Вот вы говорили, что сейчас в Париже весна, каштаны разбили почки, и у вас зуд в ногах. Вы подолгу простаивали на Бульварах, перед витринами, где заманчивые плакаты Кука и океанских обществ обманывают вас далями?.. Да, влечет. Когда-то и я испытывал этот томящий «зуд» перед оранжевыми плакатами — оранжевыми песками, верблюдами, пирамидами, оазисами, пальмами и белыми шлемами англичан, перед синькой с мылом у берегов, с черно дымящими серыми гигантами, внутренности которых роскошно даны на фотографиях, от королевских салонов до гениально-гигиенических уборных.

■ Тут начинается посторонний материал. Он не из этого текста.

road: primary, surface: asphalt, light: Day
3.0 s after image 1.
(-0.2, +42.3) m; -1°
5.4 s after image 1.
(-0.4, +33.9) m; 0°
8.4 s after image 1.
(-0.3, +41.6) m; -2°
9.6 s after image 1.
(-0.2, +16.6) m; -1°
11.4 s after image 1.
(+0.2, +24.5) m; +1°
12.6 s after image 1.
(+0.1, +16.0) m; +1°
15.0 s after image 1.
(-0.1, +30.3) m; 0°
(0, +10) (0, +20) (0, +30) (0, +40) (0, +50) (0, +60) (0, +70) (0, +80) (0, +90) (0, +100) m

Скорей билет! И, покорный всевластному зову далей, весне и «зуду», не чувстуя головы, трепетно я входил в солидно обставленные агентства, прокуренные экзотическими сигарами, травами, пропитанные как будто морскою солью и пряностями Востока, — или мне так казалось?.. — и, как с шампанского, пьяно крутил по карте, отыскивая волшебный путь. Там я встречал таких же, с глазами в далях, мужчин и женщин. Женщины были беспокойны, как птицы в перелете, восклицали, роняли деньги, забывали сдачу, рассеянно слушали советы, — как в гашише, с блуждавшими за стеной глазами. Там я встречал раздумывающих над картой, решающих, как в рулетке, — Багдад или Аргентина? или… истоки Нила?… Цейлон, Мадейра, — или еще там что-то?..

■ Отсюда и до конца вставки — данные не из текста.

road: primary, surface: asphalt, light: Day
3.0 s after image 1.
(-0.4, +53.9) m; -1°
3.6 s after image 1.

И часто, меняя планы, в гипнозе от голубой вуали, от ударившего по сердцу слова — «Батавия» или «Калькутта», от таинственных букв на карте, от хитрого завитка течений, — я покорялся таившемуся во мне бродяге.

Зовы весны я знаю. Миражи знаю — и уже не стою подолгу, разглядывая плакаты.

Дали… Их у меня украли, и «зуд», и весну украли, и не слышится мне сладко зовущий шепот «пойдем со мною!». Я никогда не пойду теперь, и черная синька с мылом — дешевка обманной прачешной. Я уже пережил обманы.

Вы спрашиваете, что у меня украли… Все украли. Меня самого украли. Но об этом — после. И вот о вещи…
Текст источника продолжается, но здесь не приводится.